START Extracted entries

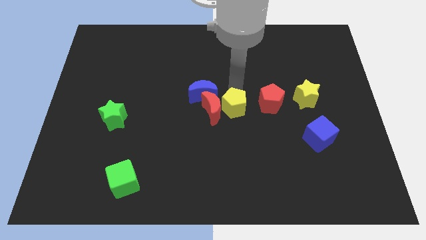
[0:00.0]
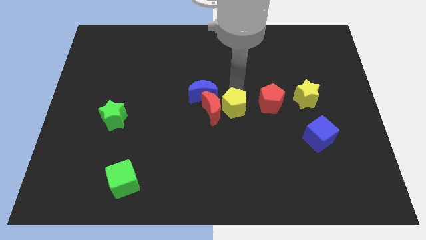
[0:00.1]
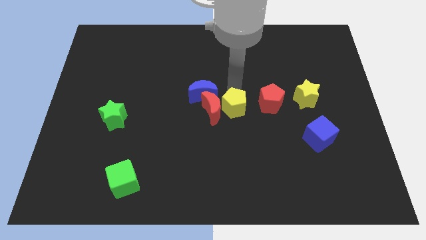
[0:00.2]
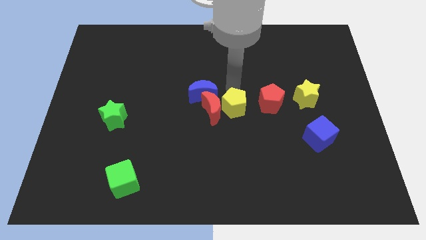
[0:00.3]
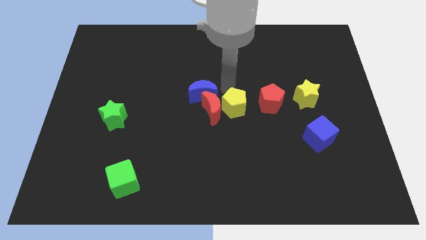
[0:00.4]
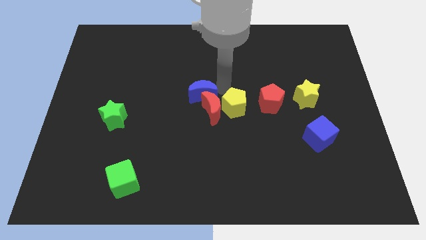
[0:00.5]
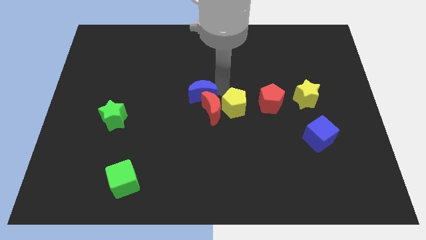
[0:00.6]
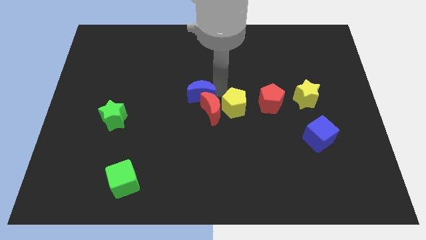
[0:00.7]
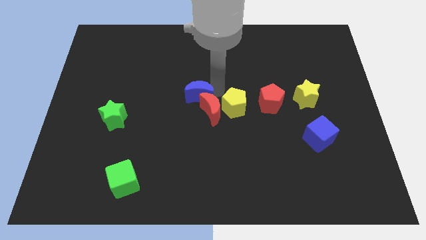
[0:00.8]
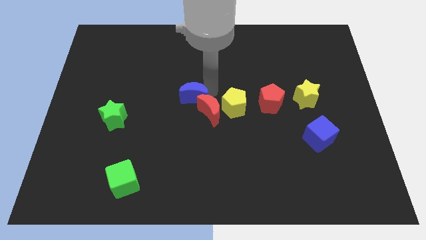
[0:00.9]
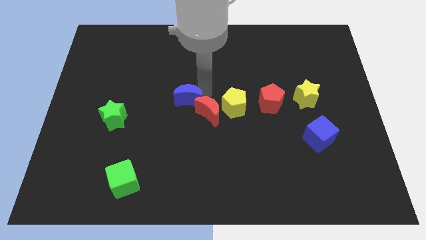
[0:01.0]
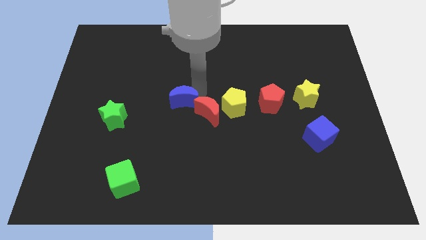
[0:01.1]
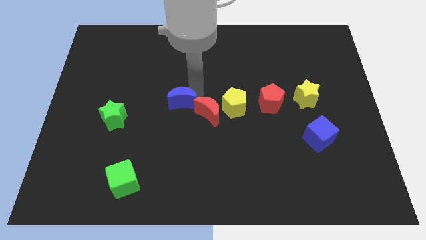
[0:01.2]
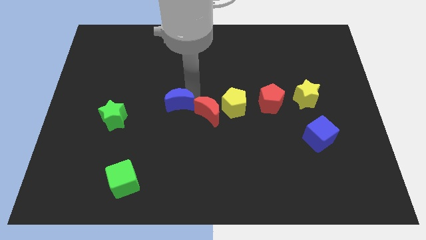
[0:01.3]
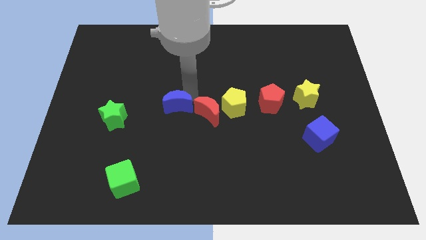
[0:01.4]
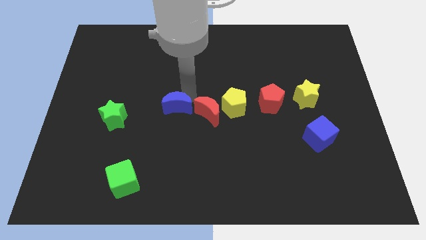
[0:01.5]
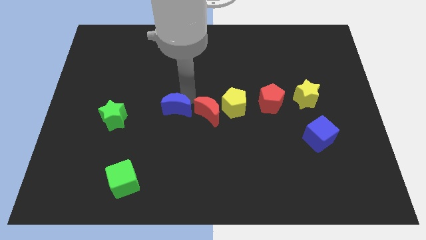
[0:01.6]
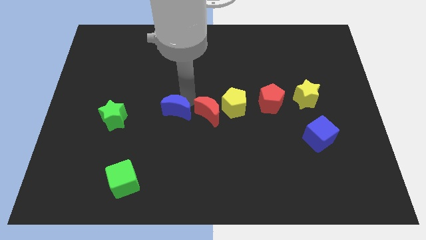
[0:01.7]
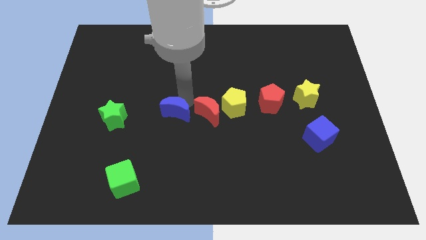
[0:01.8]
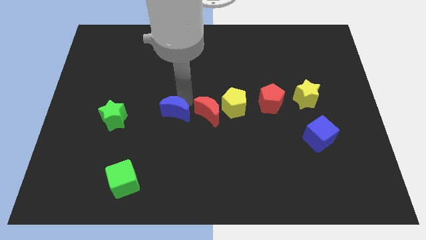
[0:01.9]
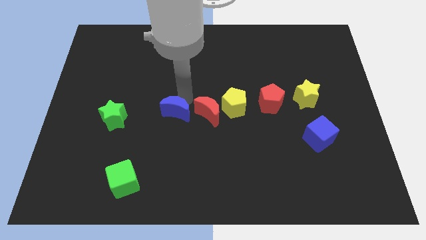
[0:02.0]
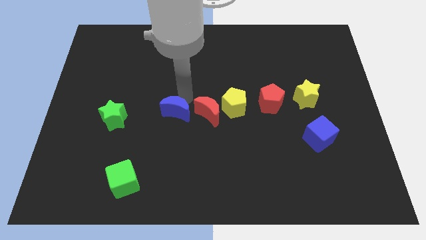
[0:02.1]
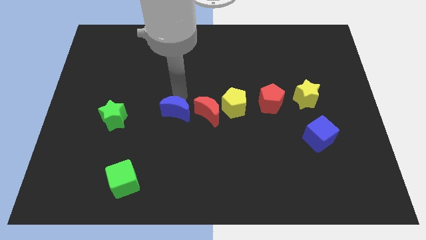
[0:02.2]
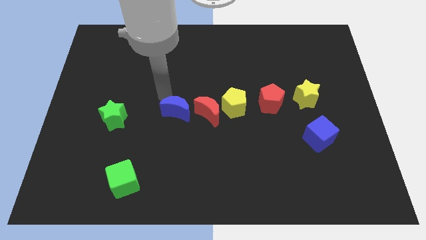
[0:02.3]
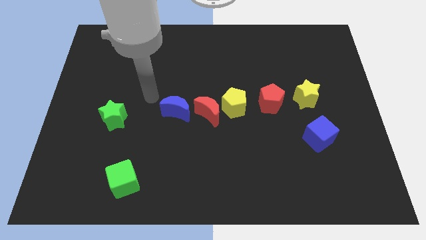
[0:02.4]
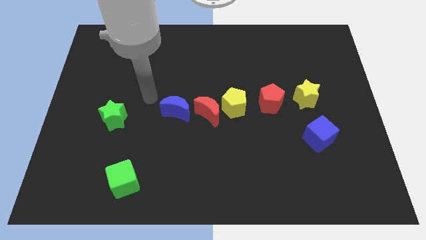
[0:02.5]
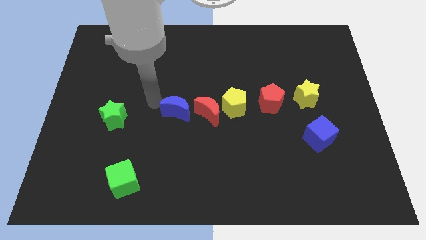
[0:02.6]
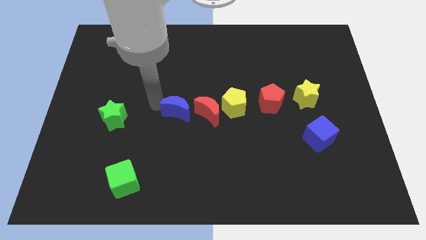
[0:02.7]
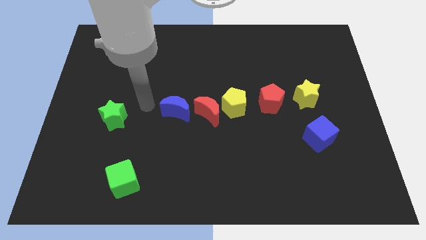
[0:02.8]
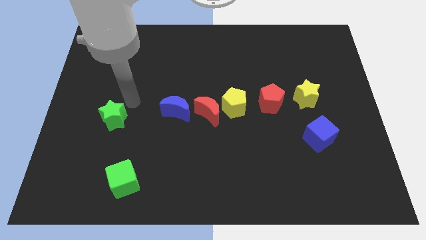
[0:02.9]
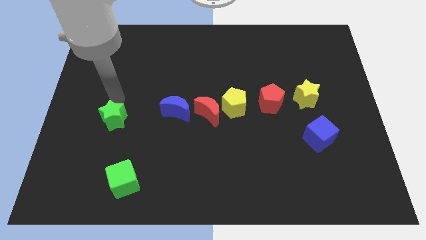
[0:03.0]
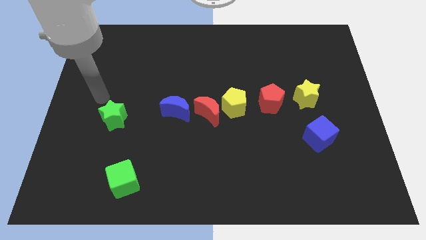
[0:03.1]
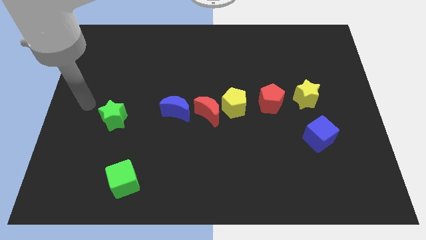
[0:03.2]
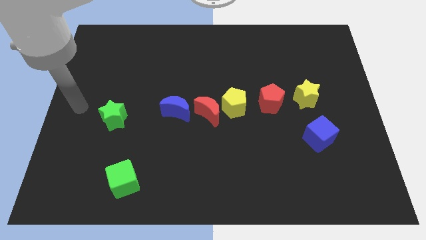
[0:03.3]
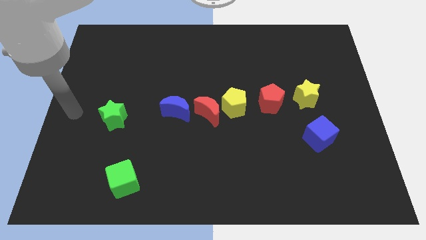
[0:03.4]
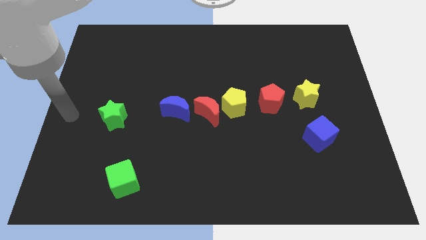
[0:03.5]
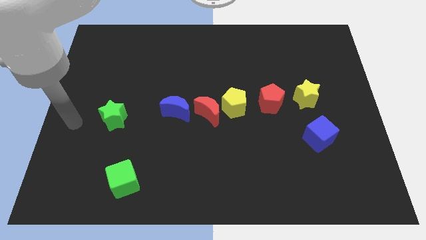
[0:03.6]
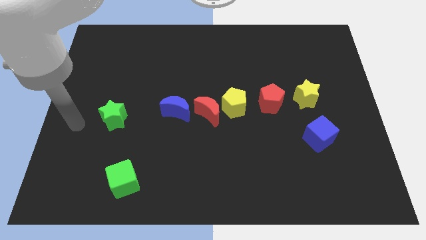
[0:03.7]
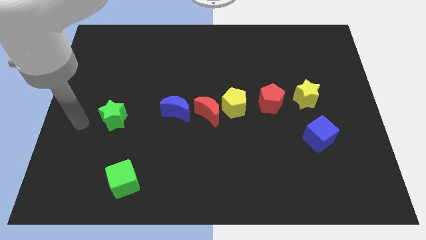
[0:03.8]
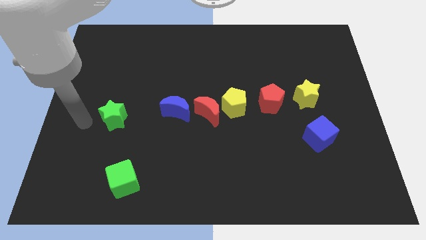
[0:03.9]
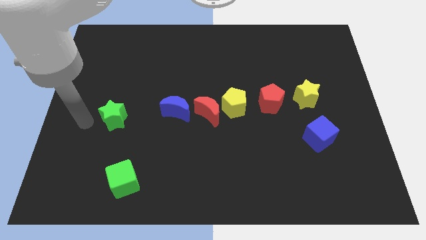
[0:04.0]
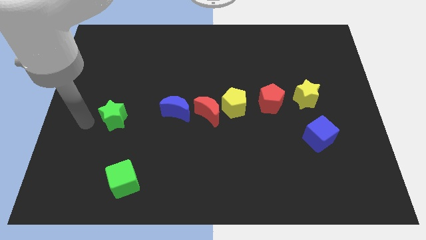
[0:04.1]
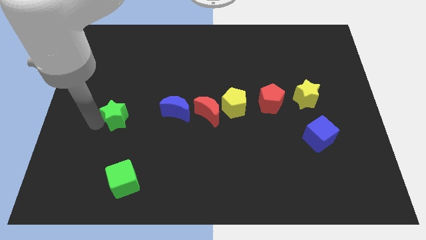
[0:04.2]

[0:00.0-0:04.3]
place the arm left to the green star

END Extracted entries

◆ About this exercise
Word for word, repeat the lines of data above, omitting every picture.

◆ Expected output
[0:00.0]
[0:00.1]
[0:00.2]
[0:00.3]
[0:00.4]
[0:00.5]
[0:00.6]
[0:00.7]
[0:00.8]
[0:00.9]
[0:01.0]
[0:01.1]
[0:01.2]
[0:01.3]
[0:01.4]
[0:01.5]
[0:01.6]
[0:01.7]
[0:01.8]
[0:01.9]
[0:02.0]
[0:02.1]
[0:02.2]
[0:02.3]
[0:02.4]
[0:02.5]
[0:02.6]
[0:02.7]
[0:02.8]
[0:02.9]
[0:03.0]
[0:03.1]
[0:03.2]
[0:03.3]
[0:03.4]
[0:03.5]
[0:03.6]
[0:03.7]
[0:03.8]
[0:03.9]
[0:04.0]
[0:04.1]
[0:04.2]

[0:00.0-0:04.3]
place the arm left to the green star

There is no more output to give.